WHAT TO WORK ON: In your answer, repeat each line of the data exactly.

EXTRACTED DATA:
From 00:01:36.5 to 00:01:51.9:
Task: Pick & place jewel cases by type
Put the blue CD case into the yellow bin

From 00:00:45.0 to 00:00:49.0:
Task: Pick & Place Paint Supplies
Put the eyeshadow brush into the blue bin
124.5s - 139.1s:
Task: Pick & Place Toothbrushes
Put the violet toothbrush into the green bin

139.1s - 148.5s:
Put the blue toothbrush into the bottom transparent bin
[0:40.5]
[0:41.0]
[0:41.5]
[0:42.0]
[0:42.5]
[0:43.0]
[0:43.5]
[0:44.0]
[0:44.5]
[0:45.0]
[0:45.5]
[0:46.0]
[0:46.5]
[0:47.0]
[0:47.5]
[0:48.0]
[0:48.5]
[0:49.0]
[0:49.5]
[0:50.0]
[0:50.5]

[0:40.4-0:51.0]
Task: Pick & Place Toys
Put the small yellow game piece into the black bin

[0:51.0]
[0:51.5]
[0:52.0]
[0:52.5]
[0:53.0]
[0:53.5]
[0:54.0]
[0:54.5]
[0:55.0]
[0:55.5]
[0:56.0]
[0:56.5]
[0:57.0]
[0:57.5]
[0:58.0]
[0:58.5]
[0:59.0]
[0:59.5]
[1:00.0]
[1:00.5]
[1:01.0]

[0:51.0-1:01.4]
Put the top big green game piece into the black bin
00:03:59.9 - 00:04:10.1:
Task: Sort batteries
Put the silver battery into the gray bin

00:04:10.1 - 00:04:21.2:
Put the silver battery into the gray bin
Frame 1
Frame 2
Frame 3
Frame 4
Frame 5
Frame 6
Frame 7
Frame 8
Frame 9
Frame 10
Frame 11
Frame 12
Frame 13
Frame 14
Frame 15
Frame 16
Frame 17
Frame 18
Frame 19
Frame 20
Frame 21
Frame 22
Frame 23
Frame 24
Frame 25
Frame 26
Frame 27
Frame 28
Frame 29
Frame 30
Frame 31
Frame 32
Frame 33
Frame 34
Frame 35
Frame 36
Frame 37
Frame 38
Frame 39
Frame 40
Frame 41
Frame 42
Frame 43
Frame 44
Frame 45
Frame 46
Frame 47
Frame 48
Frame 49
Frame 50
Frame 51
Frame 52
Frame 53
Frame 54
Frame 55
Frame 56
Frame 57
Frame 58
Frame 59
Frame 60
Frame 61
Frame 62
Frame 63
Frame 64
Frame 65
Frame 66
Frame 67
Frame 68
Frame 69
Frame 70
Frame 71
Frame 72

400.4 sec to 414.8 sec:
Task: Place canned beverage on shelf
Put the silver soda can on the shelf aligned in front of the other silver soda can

RESULT FOR THIS EXERCISE:
From 00:01:36.5 to 00:01:51.9:
Task: Pick & place jewel cases by type
Put the blue CD case into the yellow bin

From 00:00:45.0 to 00:00:49.0:
Task: Pick & Place Paint Supplies
Put the eyeshadow brush into the blue bin
124.5s - 139.1s:
Task: Pick & Place Toothbrushes
Put the violet toothbrush into the green bin

139.1s - 148.5s:
Put the blue toothbrush into the bottom transparent bin
[0:40.5]
[0:41.0]
[0:41.5]
[0:42.0]
[0:42.5]
[0:43.0]
[0:43.5]
[0:44.0]
[0:44.5]
[0:45.0]
[0:45.5]
[0:46.0]
[0:46.5]
[0:47.0]
[0:47.5]
[0:48.0]
[0:48.5]
[0:49.0]
[0:49.5]
[0:50.0]
[0:50.5]

[0:40.4-0:51.0]
Task: Pick & Place Toys
Put the small yellow game piece into the black bin

[0:51.0]
[0:51.5]
[0:52.0]
[0:52.5]
[0:53.0]
[0:53.5]
[0:54.0]
[0:54.5]
[0:55.0]
[0:55.5]
[0:56.0]
[0:56.5]
[0:57.0]
[0:57.5]
[0:58.0]
[0:58.5]
[0:59.0]
[0:59.5]
[1:00.0]
[1:00.5]
[1:01.0]

[0:51.0-1:01.4]
Put the top big green game piece into the black bin
00:03:59.9 - 00:04:10.1:
Task: Sort batteries
Put the silver battery into the gray bin

00:04:10.1 - 00:04:21.2:
Put the silver battery into the gray bin
Frame 1
Frame 2
Frame 3
Frame 4
Frame 5
Frame 6
Frame 7
Frame 8
Frame 9
Frame 10
Frame 11
Frame 12
Frame 13
Frame 14
Frame 15
Frame 16
Frame 17
Frame 18
Frame 19
Frame 20
Frame 21
Frame 22
Frame 23
Frame 24
Frame 25
Frame 26
Frame 27
Frame 28
Frame 29
Frame 30
Frame 31
Frame 32
Frame 33
Frame 34
Frame 35
Frame 36
Frame 37
Frame 38
Frame 39
Frame 40
Frame 41
Frame 42
Frame 43
Frame 44
Frame 45
Frame 46
Frame 47
Frame 48
Frame 49
Frame 50
Frame 51
Frame 52
Frame 53
Frame 54
Frame 55
Frame 56
Frame 57
Frame 58
Frame 59
Frame 60
Frame 61
Frame 62
Frame 63
Frame 64
Frame 65
Frame 66
Frame 67
Frame 68
Frame 69
Frame 70
Frame 71
Frame 72

400.4 sec to 414.8 sec:
Task: Place canned beverage on shelf
Put the silver soda can on the shelf aligned in front of the other silver soda can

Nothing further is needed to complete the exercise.